**Exercise**
In the entries below, find the lines that contain the word "trunk" and copy them.

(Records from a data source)

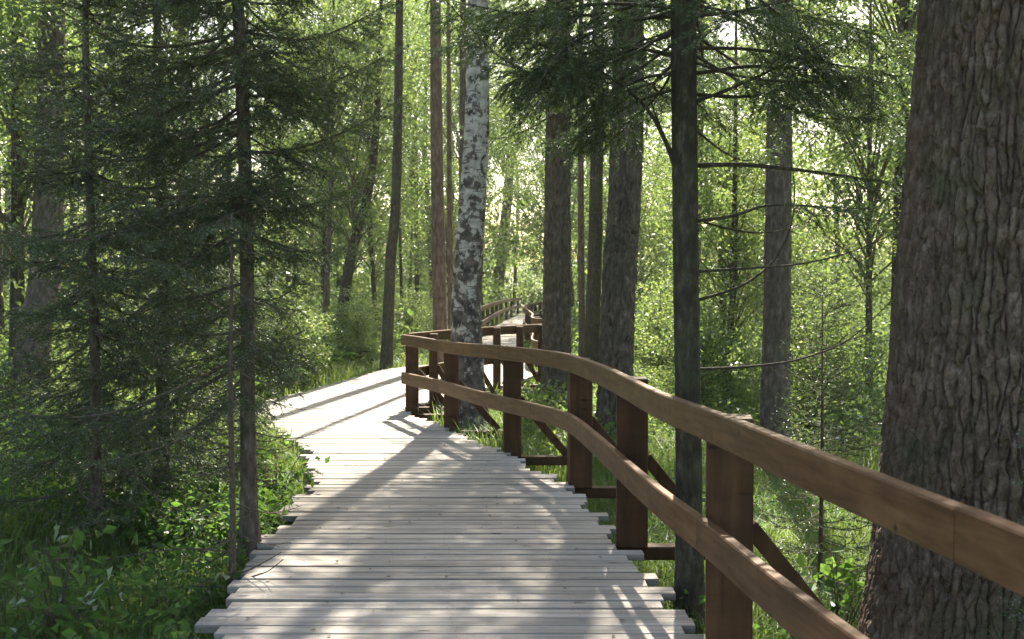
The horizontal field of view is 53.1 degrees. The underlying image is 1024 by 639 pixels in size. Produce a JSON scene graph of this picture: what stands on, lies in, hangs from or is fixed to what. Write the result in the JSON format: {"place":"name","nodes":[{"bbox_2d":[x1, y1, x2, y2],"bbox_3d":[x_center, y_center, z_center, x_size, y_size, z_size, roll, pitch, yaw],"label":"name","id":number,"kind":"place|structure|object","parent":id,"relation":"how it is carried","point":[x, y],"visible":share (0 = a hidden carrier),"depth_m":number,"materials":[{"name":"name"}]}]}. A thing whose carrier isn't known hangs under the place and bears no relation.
{"place":"outdoors","nodes":[
{"label":"outdoors","id":0,"kind":"place"},
{"bbox_2d":[0,261,890,638],"bbox_3d":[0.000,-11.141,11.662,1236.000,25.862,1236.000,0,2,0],"label":"ground","id":1,"kind":"structure","parent":0,"point":[516,313],"depth_m":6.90,"materials":[{"name":"green plant"}]},
{"bbox_2d":[5,0,65,414],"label":"broadleaf tree","id":2,"kind":"object","parent":1,"relation":"on","point":[39,292],"visible":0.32,"depth_m":11.58,"materials":[{"name":"brown plant"}]},
{"bbox_2d":[0,10,117,351],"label":"broadleaf tree","id":3,"kind":"object","parent":1,"relation":"on","point":[2,323],"visible":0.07,"depth_m":19.01,"materials":[{"name":"green plant"}]},
{"bbox_2d":[0,523,122,638],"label":"leafy plant","id":4,"kind":"object","parent":1,"relation":"on","point":[76,601],"visible":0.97,"depth_m":4.91,"materials":[{"name":"green plant"}]},
{"bbox_2d":[0,0,153,384],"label":"broadleaf tree","id":5,"kind":"object","parent":1,"relation":"on","point":[19,21],"visible":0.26,"depth_m":12.29,"materials":[{"name":"green plant"}]},
{"bbox_2d":[0,0,203,229],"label":"broadleaf tree","id":6,"kind":"object","parent":1,"relation":"on","point":[1,149],"visible":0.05,"depth_m":15.09,"materials":[{"name":"green plant"}]},
{"bbox_2d":[0,0,239,544],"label":"spruce tree","id":7,"kind":"object","parent":1,"relation":"on","point":[95,501],"visible":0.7,"depth_m":6.88,"materials":[{"name":"green plant"}]},
{"bbox_2d":[26,11,223,324],"bbox_3d":[-10.437,-4.508,28.032,5.104,10.360,5.259,1,2,35],"label":"broadleaf tree","id":8,"kind":"object","parent":1,"relation":"on","point":[126,265],"visible":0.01,"depth_m":27.98,"materials":[{"name":"green plant"}]},
{"bbox_2d":[100,275,179,342],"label":"shrub","id":9,"kind":"object","parent":1,"relation":"on","point":[129,303],"visible":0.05,"depth_m":18.19,"materials":[{"name":"green plant"}]},
{"bbox_2d":[100,291,205,372],"bbox_3d":[-5.458,0.273,15.664,1.707,1.756,1.878,0,2,0],"label":"shrub","id":10,"kind":"object","parent":1,"relation":"on","point":[156,341],"visible":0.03,"depth_m":15.49,"materials":[{"name":"green plant"}]},
{"bbox_2d":[0,0,322,527],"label":"spruce tree","id":11,"kind":"object","parent":1,"relation":"on","point":[221,283],"visible":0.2,"depth_m":7.79,"materials":[{"name":"green plant"}]},
{"bbox_2d":[92,0,286,308],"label":"broadleaf tree","id":12,"kind":"object","parent":1,"relation":"on","point":[165,34],"visible":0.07,"depth_m":23.80,"materials":[{"name":"green plant"}]},
{"bbox_2d":[176,356,227,373],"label":"fern","id":13,"kind":"object","parent":1,"relation":"on","point":[199,363],"visible":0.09,"depth_m":15.88,"materials":[{"name":"green plant"}]},
{"bbox_2d":[0,0,411,565],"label":"spruce tree","id":14,"kind":"object","parent":1,"relation":"on","point":[241,196],"visible":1,"depth_m":6.24,"materials":[{"name":"green plant"}]},
{"bbox_2d":[190,369,226,377],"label":"fern","id":15,"kind":"object","parent":1,"relation":"on","point":[208,371],"visible":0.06,"depth_m":15.67,"materials":[{"name":"green plant"}]},
{"bbox_2d":[104,213,320,592],"bbox_3d":[-1.649,0.501,5.793,1.171,2.198,1.359,0,2,0],"label":"spruce sapling","id":16,"kind":"object","parent":1,"relation":"on","point":[231,540],"visible":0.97,"depth_m":5.78,"materials":[{"name":"green plant"}]},
{"bbox_2d":[210,379,276,390],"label":"fern","id":17,"kind":"object","parent":1,"relation":"on","point":[257,383],"visible":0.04,"depth_m":14.59,"materials":[{"name":"green plant"}]},
{"bbox_2d":[225,370,306,396],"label":"fern","id":18,"kind":"object","parent":1,"relation":"on","point":[261,383],"visible":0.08,"depth_m":15.15,"materials":[{"name":"green plant"}]},
{"bbox_2d":[209,435,329,504],"bbox_3d":[-1.959,1.255,8.137,0.753,0.623,0.848,-2,2,-43],"label":"leafy plant","id":19,"kind":"object","parent":1,"relation":"on","point":[261,463],"visible":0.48,"depth_m":8.12,"materials":[{"name":"green plant"}]},
{"bbox_2d":[255,303,319,347],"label":"shrub","id":20,"kind":"object","parent":1,"relation":"on","point":[292,327],"visible":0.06,"depth_m":20.11,"materials":[{"name":"green plant"}]},
{"bbox_2d":[201,0,373,298],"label":"broadleaf tree","id":21,"kind":"object","parent":1,"relation":"on","point":[294,269],"visible":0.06,"depth_m":36.54,"materials":[{"name":"green plant"}]},
{"bbox_2d":[237,285,339,382],"bbox_3d":[-3.836,0.309,17.481,1.743,1.827,1.871,0,2,0],"label":"shrub","id":22,"kind":"object","parent":1,"relation":"on","point":[303,334],"visible":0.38,"depth_m":17.53,"materials":[{"name":"green plant"}]},
{"bbox_2d":[265,368,315,389],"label":"fern","id":23,"kind":"object","parent":1,"relation":"on","point":[290,374],"visible":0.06,"depth_m":16.15,"materials":[{"name":"green plant"}]},
{"bbox_2d":[258,355,332,370],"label":"fern","id":24,"kind":"object","parent":1,"relation":"on","point":[319,358],"visible":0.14,"depth_m":17.12,"materials":[{"name":"green plant"}]},
{"bbox_2d":[283,370,314,383],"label":"fern","id":25,"kind":"object","parent":1,"relation":"on","point":[309,375],"visible":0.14,"depth_m":16.76,"materials":[{"name":"green plant"}]},
{"bbox_2d":[251,71,392,325],"bbox_3d":[-5.044,-3.020,27.442,4.039,7.828,4.055,0,2,0],"label":"broadleaf tree","id":26,"kind":"object","parent":1,"relation":"on","point":[322,241],"visible":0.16,"depth_m":27.20,"materials":[{"name":"green plant"}]},
{"bbox_2d":[219,0,429,341],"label":"broadleaf tree","id":27,"kind":"object","parent":1,"relation":"on","point":[327,12],"visible":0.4,"depth_m":23.82,"materials":[{"name":"green plant"}]},
{"bbox_2d":[259,37,392,322],"bbox_3d":[-5.608,-4.011,30.853,4.497,9.294,4.850,0,2,0],"label":"broadleaf tree","id":28,"kind":"object","parent":1,"relation":"on","point":[305,246],"visible":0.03,"depth_m":30.86,"materials":[{"name":"green plant"}]},
{"bbox_2d":[311,356,345,371],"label":"fern","id":29,"kind":"object","parent":1,"relation":"on","point":[331,358],"visible":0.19,"depth_m":18.84,"materials":[{"name":"green plant"}]},
{"bbox_2d":[314,352,361,368],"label":"fern","id":30,"kind":"object","parent":1,"relation":"on","point":[343,355],"visible":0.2,"depth_m":19.81,"materials":[{"name":"green plant"}]},
{"bbox_2d":[261,0,430,334],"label":"broadleaf tree","id":31,"kind":"object","parent":1,"relation":"on","point":[361,218],"visible":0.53,"depth_m":24.81,"materials":[{"name":"green plant"}]},
{"bbox_2d":[327,346,378,363],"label":"fern","id":32,"kind":"object","parent":1,"relation":"on","point":[347,349],"visible":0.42,"depth_m":21.35,"materials":[{"name":"green plant"}]},
{"bbox_2d":[314,285,406,360],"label":"shrub","id":33,"kind":"object","parent":1,"relation":"on","point":[355,323],"visible":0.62,"depth_m":22.38,"materials":[{"name":"green plant"}]},
{"bbox_2d":[261,0,466,345],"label":"broadleaf tree","id":34,"kind":"object","parent":1,"relation":"on","point":[427,62],"visible":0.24,"depth_m":26.79,"materials":[{"name":"green plant"}]},
{"bbox_2d":[331,135,430,297],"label":"broadleaf tree","id":35,"kind":"object","parent":1,"relation":"on","point":[378,248],"visible":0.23,"depth_m":35.00,"materials":[{"name":"green plant"}]},
{"bbox_2d":[379,0,402,369],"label":"broadleaf tree","id":36,"kind":"object","parent":1,"relation":"on","point":[387,344],"visible":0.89,"depth_m":20.86,"materials":[{"name":"brown plant"}]},
{"bbox_2d":[313,0,494,311],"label":"broadleaf tree","id":37,"kind":"object","parent":1,"relation":"on","point":[400,236],"visible":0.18,"depth_m":31.89,"materials":[{"name":"green plant"}]},
{"bbox_2d":[369,284,447,352],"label":"shrub","id":38,"kind":"object","parent":1,"relation":"on","point":[413,319],"visible":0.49,"depth_m":25.82,"materials":[{"name":"green plant"}]},
{"bbox_2d":[366,81,457,303],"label":"broadleaf tree","id":39,"kind":"object","parent":1,"relation":"on","point":[411,236],"visible":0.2,"depth_m":42.79,"materials":[{"name":"green plant"}]},
{"bbox_2d":[415,285,447,329],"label":"shrub","id":40,"kind":"object","parent":1,"relation":"on","point":[431,304],"visible":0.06,"depth_m":31.83,"materials":[{"name":"green plant"}]},
{"bbox_2d":[430,0,446,362],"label":"pine tree","id":41,"kind":"object","parent":1,"relation":"on","point":[438,240],"visible":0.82,"depth_m":20.82,"materials":[{"name":"brown plant"}]},
{"bbox_2d":[0,262,890,638],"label":"undergrowth","id":42,"kind":"object","parent":1,"relation":"on","point":[172,534],"visible":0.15,"depth_m":7.61,"materials":[{"name":"green plant"}]},
{"bbox_2d":[214,426,290,456],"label":"leafy plant","id":43,"kind":"object","parent":42,"relation":"on","point":[271,443],"visible":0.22,"depth_m":9.91,"materials":[{"name":"green plant"}]},
{"bbox_2d":[311,342,343,353],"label":"fern","id":44,"kind":"object","parent":42,"relation":"on","point":[327,348],"visible":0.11,"depth_m":20.55,"materials":[{"name":"green plant"}]},
{"bbox_2d":[402,157,493,319],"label":"broadleaf tree","id":45,"kind":"object","parent":1,"relation":"on","point":[429,240],"visible":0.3,"depth_m":39.91,"materials":[{"name":"green plant"}]},
{"bbox_2d":[194,315,704,638],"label":"boardwalk","id":46,"kind":"structure","parent":1,"relation":"on","point":[493,570],"depth_m":6.29,"materials":[{"name":"grey wood"}]},
{"bbox_2d":[247,421,623,636],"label":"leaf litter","id":47,"kind":"object","parent":46,"relation":"on","point":[425,557],"visible":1,"depth_m":6.40,"materials":[{"name":"brown plant"}]},
{"bbox_2d":[406,324,541,413],"bbox_3d":[-0.505,0.665,16.202,1.604,1.129,5.506,1,2,26],"label":"railing","id":48,"kind":"object","parent":46,"relation":"attached to","point":[434,368],"visible":0.24,"depth_m":16.15,"materials":[{"name":"brown wood"}]},
{"bbox_2d":[481,297,521,336],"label":"railing","id":49,"kind":"object","parent":46,"relation":"attached to","point":[487,318],"visible":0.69,"depth_m":46.33,"materials":[{"name":"brown wood"}]},
{"bbox_2d":[523,301,542,373],"bbox_3d":[0.556,0.086,34.954,2.286,1.129,32.217,0,2,3],"label":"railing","id":50,"kind":"object","parent":46,"relation":"attached to","point":[530,311],"visible":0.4,"depth_m":29.37,"materials":[{"name":"brown wood"}]},
{"bbox_2d":[401,335,1023,638],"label":"railing","id":51,"kind":"object","parent":46,"relation":"attached to","point":[725,534],"visible":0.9,"depth_m":4.56,"materials":[{"name":"brown wood"}]},
{"bbox_2d":[446,0,452,340],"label":"pine tree","id":52,"kind":"object","parent":1,"relation":"on","point":[449,202],"visible":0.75,"depth_m":22.38,"materials":[{"name":"brown plant"}]},
{"bbox_2d":[0,0,913,321],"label":"woodland","id":53,"kind":"object","parent":1,"relation":"on","point":[496,248],"visible":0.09,"depth_m":54.16,"materials":[{"name":"green plant"}]},
{"bbox_2d":[382,0,542,202],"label":"broadleaf tree","id":54,"kind":"object","parent":1,"relation":"on","point":[454,128],"visible":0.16,"depth_m":35.60,"materials":[{"name":"green plant"}]},
{"bbox_2d":[459,0,466,197],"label":"broadleaf tree","id":55,"kind":"object","parent":1,"relation":"on","point":[462,97],"visible":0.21,"depth_m":19.33,"materials":[{"name":"plant"}]},
{"bbox_2d":[450,0,490,439],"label":"birch tree","id":56,"kind":"object","parent":1,"relation":"on","point":[466,314],"visible":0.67,"depth_m":12.82,"materials":[{"name":"white plant"}]},
{"bbox_2d":[423,54,535,305],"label":"broadleaf tree","id":57,"kind":"object","parent":1,"relation":"on","point":[493,170],"visible":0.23,"depth_m":44.68,"materials":[{"name":"green plant"}]},
{"bbox_2d":[445,3,544,304],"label":"broadleaf tree","id":58,"kind":"object","parent":1,"relation":"on","point":[504,216],"visible":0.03,"depth_m":67.53,"materials":[{"name":"green plant"}]},
{"bbox_2d":[489,65,586,318],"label":"broadleaf tree","id":59,"kind":"object","parent":1,"relation":"on","point":[536,151],"visible":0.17,"depth_m":47.91,"materials":[{"name":"green plant"}]},
{"bbox_2d":[496,122,608,279],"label":"broadleaf tree","id":60,"kind":"object","parent":1,"relation":"on","point":[527,230],"visible":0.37,"depth_m":42.47,"materials":[{"name":"green plant"}]},
{"bbox_2d":[456,0,670,406],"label":"spruce tree","id":61,"kind":"object","parent":1,"relation":"on","point":[557,319],"visible":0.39,"depth_m":15.32,"materials":[{"name":"brown plant"}]},
{"bbox_2d":[489,1,646,333],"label":"broadleaf tree","id":62,"kind":"object","parent":1,"relation":"on","point":[572,182],"visible":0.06,"depth_m":36.92,"materials":[{"name":"green plant"}]},
{"bbox_2d":[578,0,584,356],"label":"spruce tree","id":63,"kind":"object","parent":1,"relation":"on","point":[581,291],"visible":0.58,"depth_m":21.91,"materials":[{"name":"brown plant"}]},
{"bbox_2d":[571,300,600,350],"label":"shrub","id":64,"kind":"object","parent":1,"relation":"on","point":[572,312],"visible":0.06,"depth_m":30.11,"materials":[{"name":"green plant"}]},
{"bbox_2d":[583,0,603,387],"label":"broadleaf tree","id":65,"kind":"object","parent":1,"relation":"on","point":[592,315],"visible":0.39,"depth_m":19.37,"materials":[{"name":"brown plant"}]},
{"bbox_2d":[570,126,666,293],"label":"broadleaf tree","id":66,"kind":"object","parent":1,"relation":"on","point":[576,222],"visible":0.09,"depth_m":35.65,"materials":[{"name":"green plant"}]},
{"bbox_2d":[570,0,671,226],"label":"broadleaf tree","id":67,"kind":"object","parent":1,"relation":"on","point":[648,151],"visible":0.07,"depth_m":31.75,"materials":[{"name":"green plant"}]},
{"bbox_2d":[573,131,672,349],"bbox_3d":[3.239,-1.842,27.056,3.514,6.283,3.195,0,2,0],"label":"broadleaf tree","id":68,"kind":"object","parent":1,"relation":"on","point":[650,243],"visible":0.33,"depth_m":26.97,"materials":[{"name":"green plant"}]},
{"bbox_2d":[498,0,764,435],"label":"spruce tree","id":69,"kind":"object","parent":1,"relation":"on","point":[618,305],"visible":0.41,"depth_m":12.23,"materials":[{"name":"brown plant"}]},
{"bbox_2d":[406,0,916,633],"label":"spruce tree","id":70,"kind":"object","parent":1,"relation":"on","point":[822,84],"visible":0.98,"depth_m":5.59,"materials":[{"name":"green plant"}]},
{"bbox_2d":[633,272,716,378],"bbox_3d":[2.932,0.257,20.946,2.505,2.447,2.335,0,2,13],"label":"shrub","id":71,"kind":"object","parent":1,"relation":"on","point":[661,308],"visible":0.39,"depth_m":20.77,"materials":[{"name":"green plant"}]},
{"bbox_2d":[638,86,742,288],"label":"broadleaf tree","id":72,"kind":"object","parent":1,"relation":"on","point":[669,173],"visible":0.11,"depth_m":30.81,"materials":[{"name":"green plant"}]},
{"bbox_2d":[634,285,761,408],"bbox_3d":[2.817,0.560,15.495,2.236,2.184,2.084,2,2,41],"label":"shrub","id":73,"kind":"object","parent":1,"relation":"on","point":[709,346],"visible":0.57,"depth_m":15.16,"materials":[{"name":"green plant"}]},
{"bbox_2d":[696,2,704,306],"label":"tree trunk","id":74,"kind":"object","parent":1,"relation":"on","point":[701,161],"visible":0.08,"depth_m":22.79,"materials":[{"name":"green plant"}]},
{"bbox_2d":[657,282,751,354],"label":"shrub","id":75,"kind":"object","parent":1,"relation":"on","point":[711,305],"visible":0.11,"depth_m":24.93,"materials":[{"name":"green plant"}]},
{"bbox_2d":[641,42,818,348],"bbox_3d":[4.216,-1.851,19.989,3.435,6.778,3.792,0,2,0],"label":"broadleaf tree","id":76,"kind":"object","parent":1,"relation":"on","point":[725,180],"visible":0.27,"depth_m":19.64,"materials":[{"name":"green plant"}]},
{"bbox_2d":[651,1,824,407],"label":"broadleaf tree","id":77,"kind":"object","parent":1,"relation":"on","point":[733,241],"visible":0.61,"depth_m":16.38,"materials":[{"name":"green plant"}]},
{"bbox_2d":[702,91,809,328],"bbox_3d":[7.499,-3.106,32.968,4.269,8.463,4.390,0,2,0],"label":"broadleaf tree","id":78,"kind":"object","parent":1,"relation":"on","point":[799,182],"visible":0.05,"depth_m":32.83,"materials":[{"name":"green plant"}]},
{"bbox_2d":[658,0,887,191],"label":"broadleaf tree","id":79,"kind":"object","parent":1,"relation":"on","point":[765,56],"visible":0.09,"depth_m":23.61,"materials":[{"name":"green plant"}]},
{"bbox_2d":[736,0,848,485],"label":"spruce tree","id":80,"kind":"object","parent":1,"relation":"on","point":[776,312],"visible":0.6,"depth_m":10.49,"materials":[{"name":"brown plant"}]},
{"bbox_2d":[734,277,858,384],"bbox_3d":[5.114,0.358,18.985,2.361,2.307,2.202,1,2,38],"label":"shrub","id":81,"kind":"object","parent":1,"relation":"on","point":[792,314],"visible":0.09,"depth_m":18.67,"materials":[{"name":"green plant"}]},
{"bbox_2d":[721,284,888,428],"bbox_3d":[3.951,0.620,13.445,2.242,2.176,2.077,0,2,0],"label":"shrub","id":82,"kind":"object","parent":1,"relation":"on","point":[856,356],"visible":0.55,"depth_m":13.26,"materials":[{"name":"green plant"}]},
{"bbox_2d":[754,270,881,612],"bbox_3d":[1.876,0.765,6.212,1.162,2.144,1.157,0,2,0],"label":"spruce sapling","id":83,"kind":"object","parent":1,"relation":"on","point":[820,548],"visible":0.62,"depth_m":6.21,"materials":[{"name":"green plant"}]},
{"bbox_2d":[777,544,866,629],"bbox_3d":[1.584,1.419,5.136,0.705,0.564,0.592,0,2,11],"label":"leafy plant","id":84,"kind":"object","parent":1,"relation":"on","point":[850,579],"visible":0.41,"depth_m":5.12,"materials":[{"name":"green plant"}]},
{"bbox_2d":[740,0,918,396],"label":"broadleaf tree","id":85,"kind":"object","parent":1,"relation":"on","point":[869,258],"visible":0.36,"depth_m":15.82,"materials":[{"name":"green plant"}]},
{"bbox_2d":[803,0,918,327],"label":"broadleaf tree","id":86,"kind":"object","parent":1,"relation":"on","point":[906,26],"visible":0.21,"depth_m":16.79,"materials":[{"name":"green plant"}]},
{"bbox_2d":[803,0,918,243],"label":"broadleaf tree","id":87,"kind":"object","parent":1,"relation":"on","point":[894,109],"visible":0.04,"depth_m":18.22,"materials":[{"name":"green plant"}]},
{"bbox_2d":[821,0,916,118],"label":"broadleaf tree","id":88,"kind":"object","parent":1,"relation":"on","point":[877,29],"visible":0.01,"depth_m":24.71,"materials":[{"name":"green plant"}]},
{"bbox_2d":[857,5,914,158],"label":"broadleaf tree","id":89,"kind":"object","parent":1,"relation":"on","point":[880,64],"visible":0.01,"depth_m":29.79,"materials":[{"name":"green plant"}]},
{"bbox_2d":[857,0,1023,638],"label":"spruce tree","id":90,"kind":"object","parent":1,"relation":"on","point":[952,421],"visible":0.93,"depth_m":4.28,"materials":[{"name":"brown plant"}]},
{"bbox_2d":[977,396,1023,638],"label":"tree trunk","id":91,"kind":"object","parent":1,"relation":"on","point":[1009,601],"visible":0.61,"depth_m":3.80,"materials":[{"name":"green plant"}]},
{"bbox_2d":[0,0,910,262],"label":"sky","id":92,"kind":"structure","parent":0,"point":[730,30],"materials":[{"name":"white"}]}
]}

**Task response**
{"bbox_2d":[696,2,704,306],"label":"tree trunk","id":74,"kind":"object","parent":1,"relation":"on","point":[701,161],"visible":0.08,"depth_m":22.79,"materials":[{"name":"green plant"}]},
{"bbox_2d":[977,396,1023,638],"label":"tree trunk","id":91,"kind":"object","parent":1,"relation":"on","point":[1009,601],"visible":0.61,"depth_m":3.80,"materials":[{"name":"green plant"}]},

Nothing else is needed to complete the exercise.